In the fall of 1957, Logue led the students who came to the state's Baptist Student Union annual convention to pass a resolution favoring integration — a subject the ABSC had conspicuously avoided during its annual meeting a few weeks prior.
“At the convention the kids made these wonderful statements, and it passed with one student objecting,” said Logue, who served as the coordinator of the Cooperative Baptist Fellowship of Arkansas after retiring from state convention work. He is a longtime member of Lakeshore Drive Baptist Church.
The church continued to be a pacesetting congregation after the crisis. It disbanded as University Baptist and reorganized as Lakeshore Drive in 1970 in a bid to regain membership in the Arkansas Baptist State Convention. The state group had previously voted to unseat University Baptist's messengers at convention meetings because the church practiced open communion. In 1990, Lakeshore Drive became the first church in Arkansas to vote to support what is now the Cooperative Baptist Fellowship.
But congregations like Lakeshore and leaders like Hays and Cowling were the exceptions in white Baptist life during the civil-rights era, even in a surprisingly moderate Southern city like Little Rock.

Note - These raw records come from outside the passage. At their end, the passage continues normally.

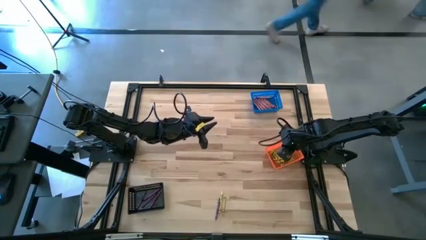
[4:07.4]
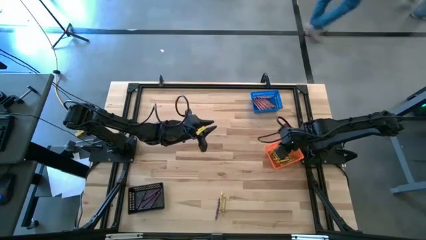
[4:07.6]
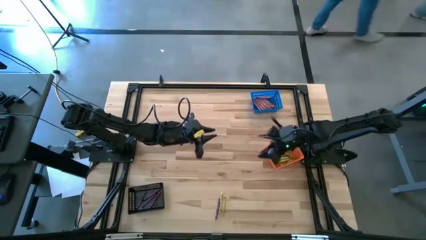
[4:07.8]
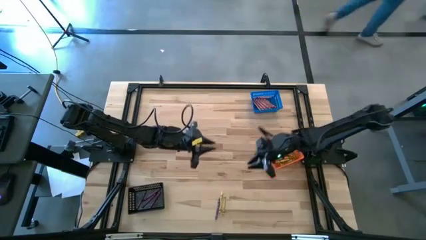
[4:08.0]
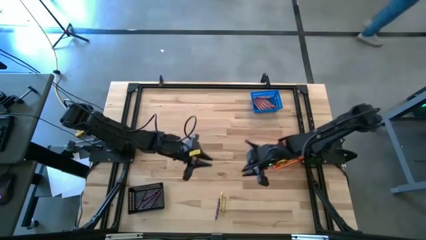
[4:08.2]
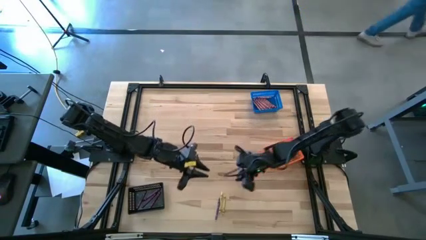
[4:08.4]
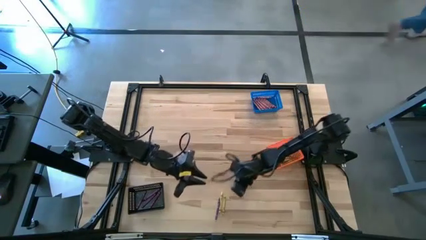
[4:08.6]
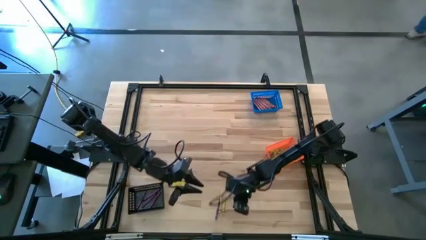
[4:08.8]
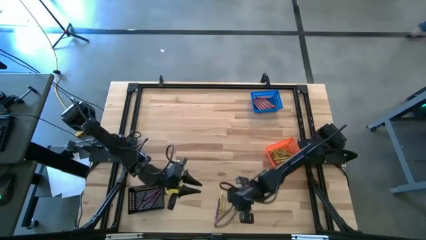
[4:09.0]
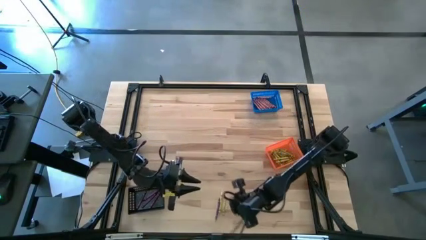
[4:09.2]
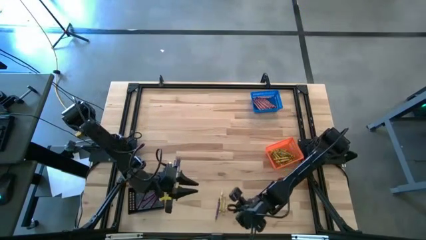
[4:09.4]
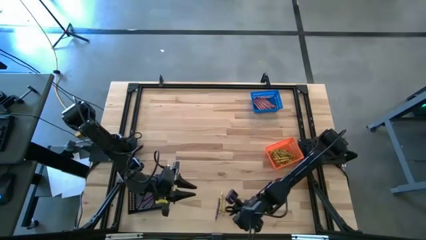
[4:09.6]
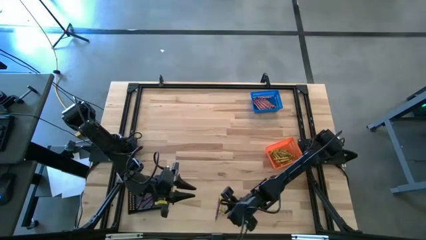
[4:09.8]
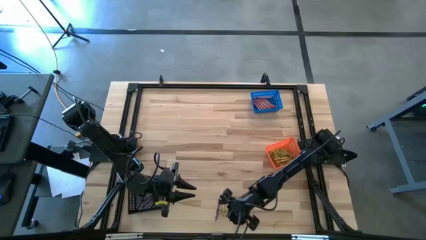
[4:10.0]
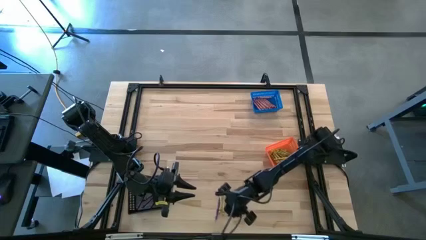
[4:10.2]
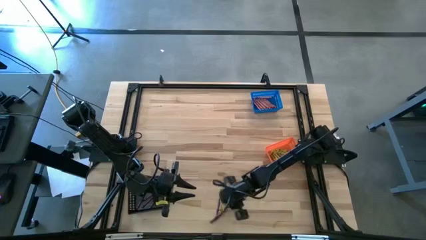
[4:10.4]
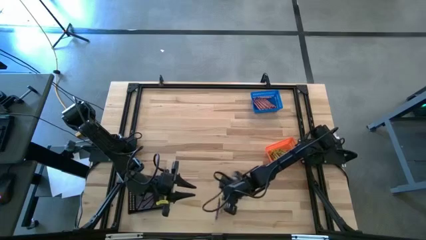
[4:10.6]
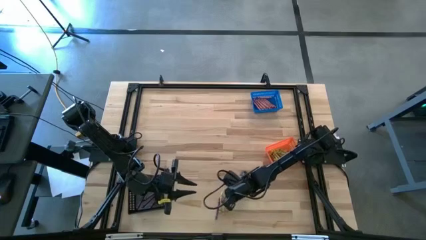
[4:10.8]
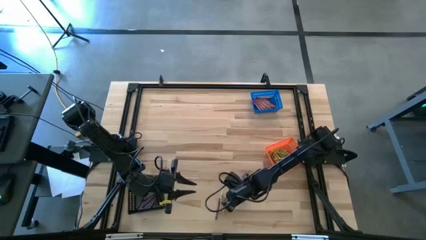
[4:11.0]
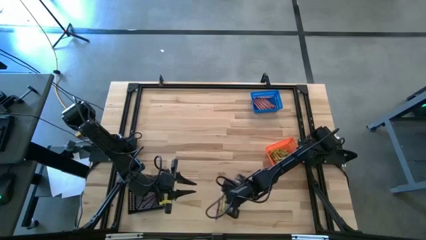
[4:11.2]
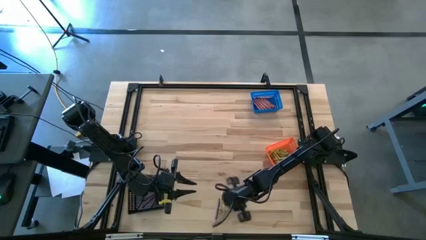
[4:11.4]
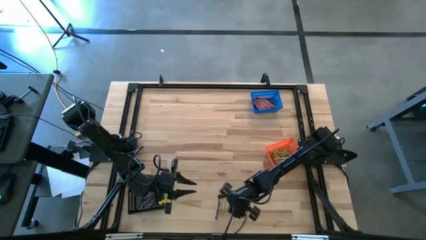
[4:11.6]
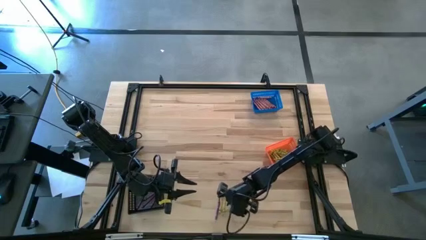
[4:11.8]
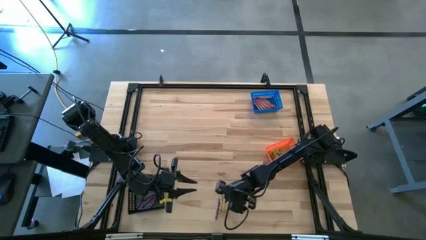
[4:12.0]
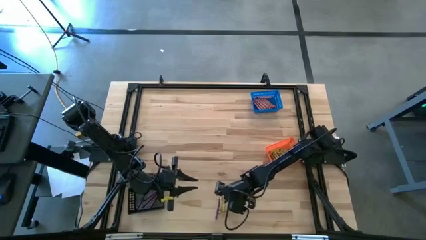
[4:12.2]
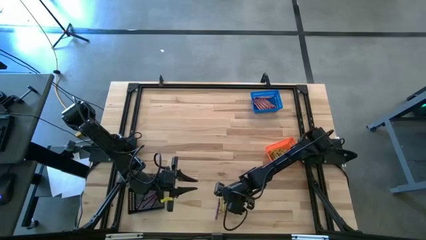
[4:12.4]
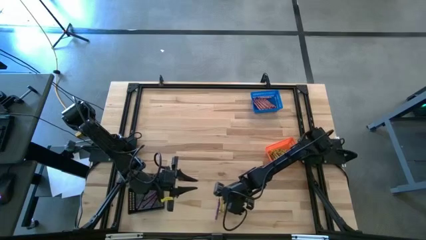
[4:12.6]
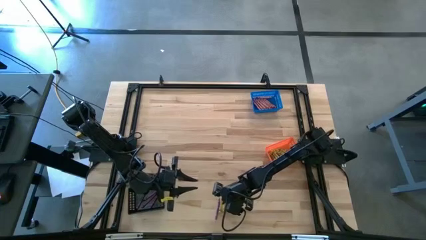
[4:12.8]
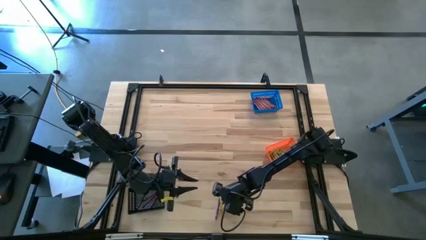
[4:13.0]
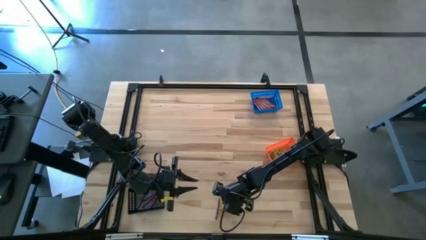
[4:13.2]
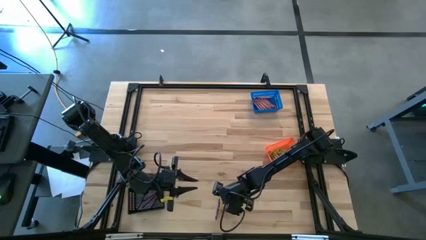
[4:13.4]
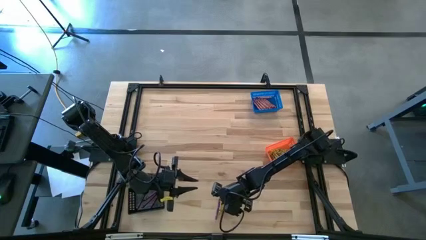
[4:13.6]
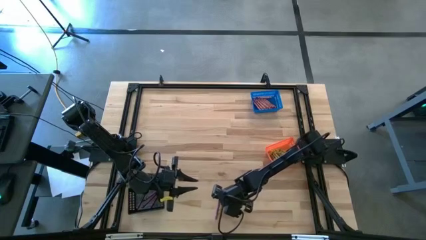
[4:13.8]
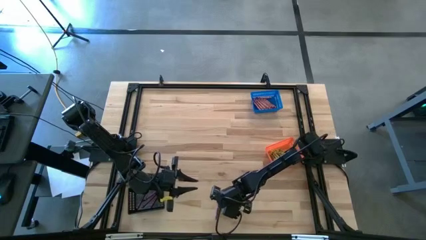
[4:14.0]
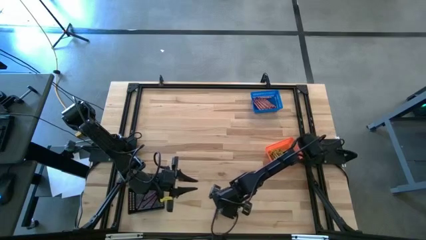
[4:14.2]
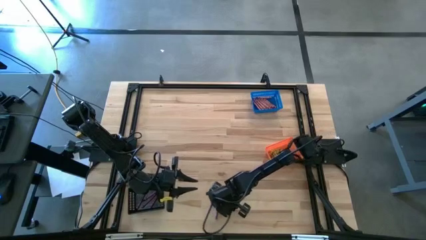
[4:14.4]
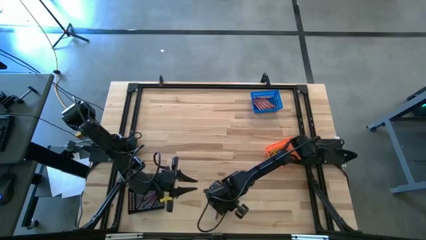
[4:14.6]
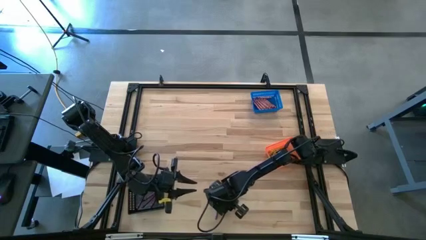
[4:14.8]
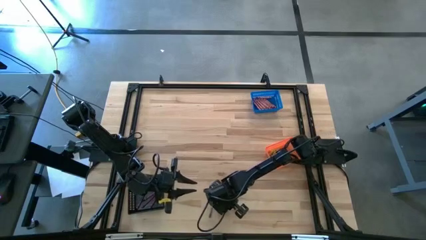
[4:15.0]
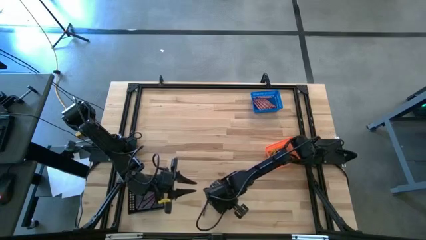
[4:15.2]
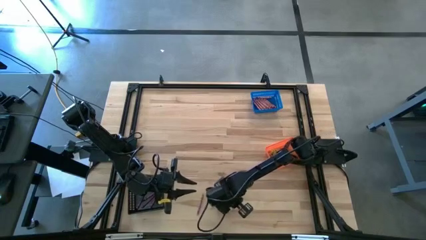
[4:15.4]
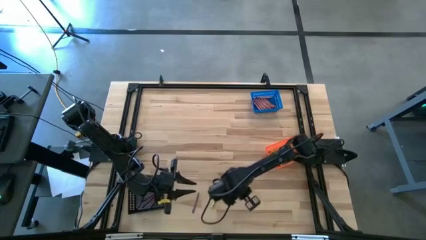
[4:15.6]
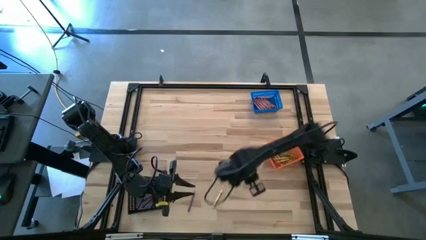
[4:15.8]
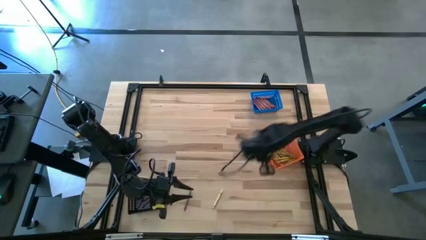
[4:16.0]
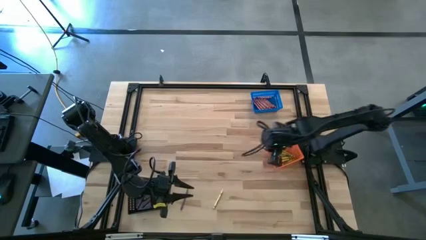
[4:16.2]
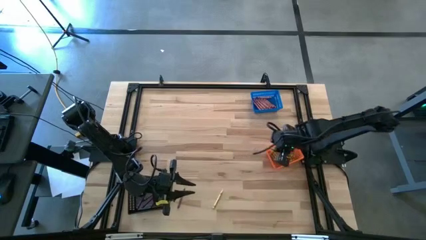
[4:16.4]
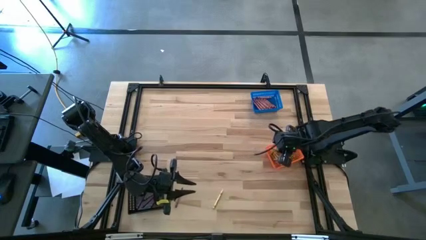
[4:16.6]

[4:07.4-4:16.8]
Task: Sort crayons
Put the yellow crayon into the orange basket

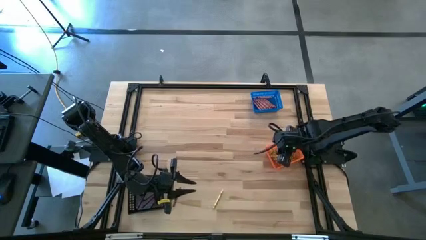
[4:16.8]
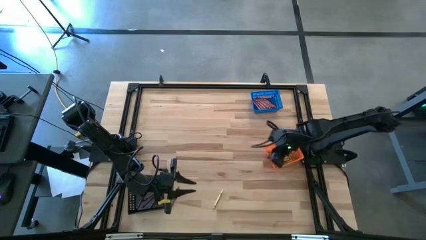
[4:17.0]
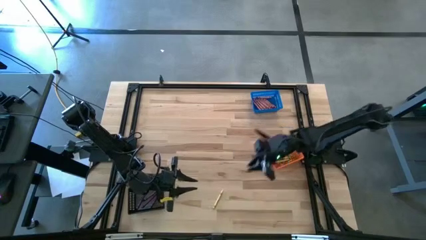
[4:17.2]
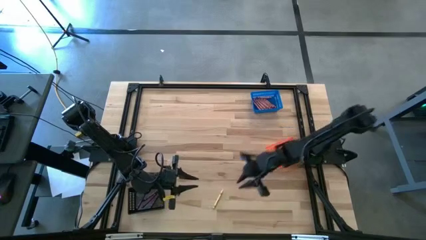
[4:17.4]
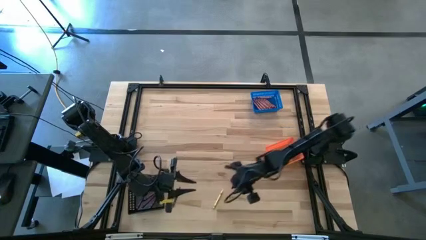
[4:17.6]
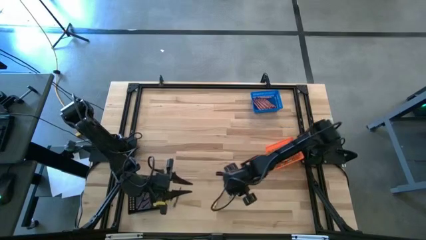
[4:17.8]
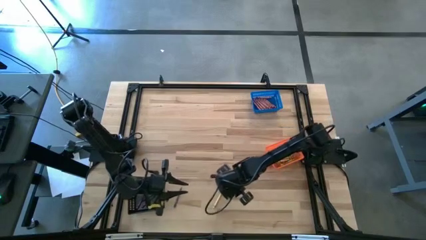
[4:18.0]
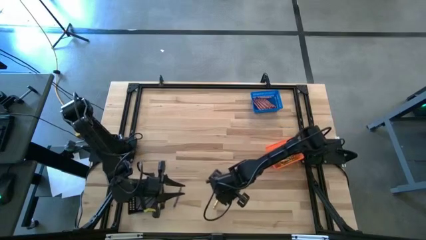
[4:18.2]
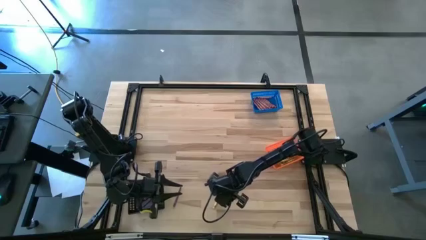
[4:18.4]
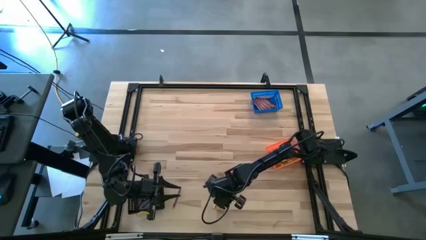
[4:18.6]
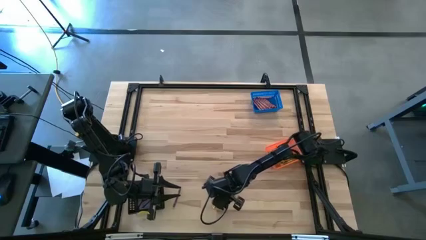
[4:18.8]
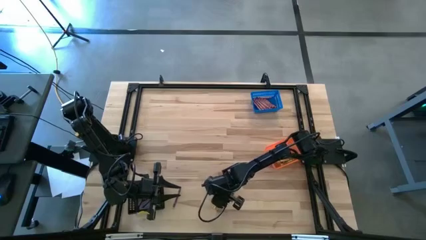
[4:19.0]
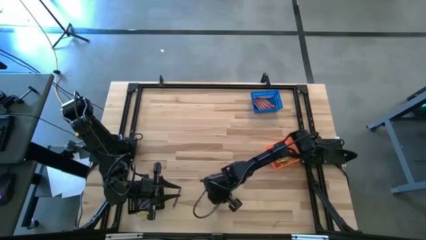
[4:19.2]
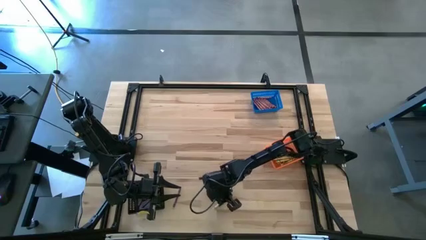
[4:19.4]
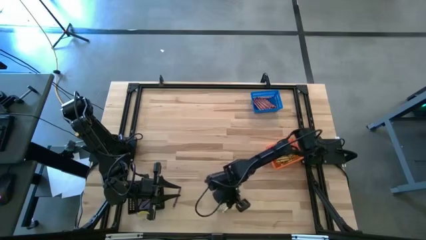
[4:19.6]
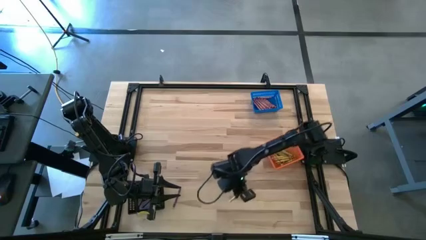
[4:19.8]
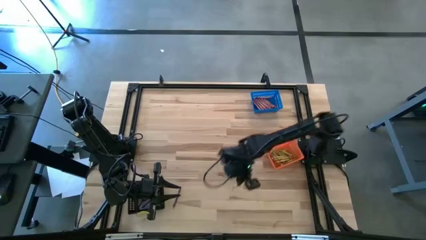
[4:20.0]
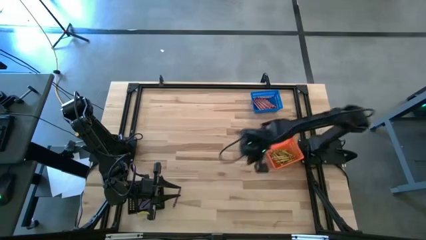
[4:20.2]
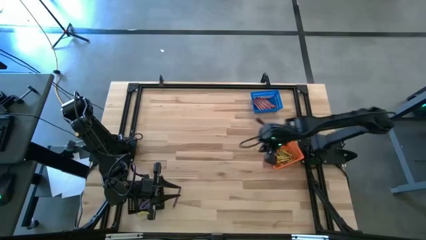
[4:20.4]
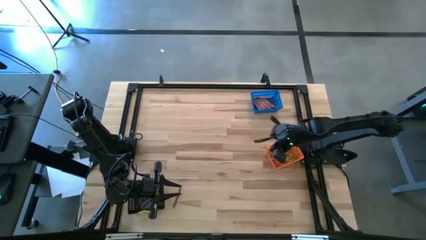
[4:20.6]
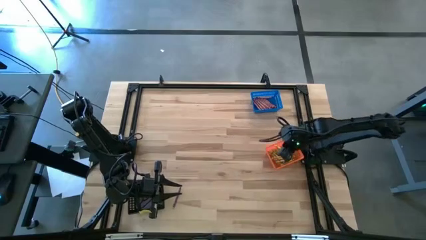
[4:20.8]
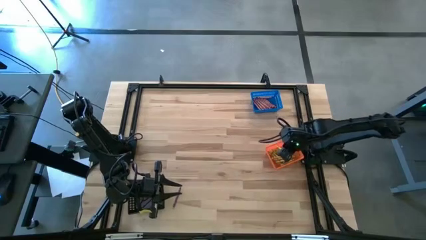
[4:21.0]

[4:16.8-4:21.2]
Put the yellow crayon into the orange basket

“I have found myself for 50 years wishing that Baptists could get in on the front end of something significant instead of the back end,” said Taylor, the retired pastor and Central High graduate. “I'm still hoping and wishing for it. But my impression is that Baptists have come from such a culturally conservative background, historically, that it's very hard for them to do anything but catch up after the issues are already decided in the broader society. And that seems to be, for the most part, what happened with most of the white Baptist churches in Little Rock in the 50s. They caught up later.”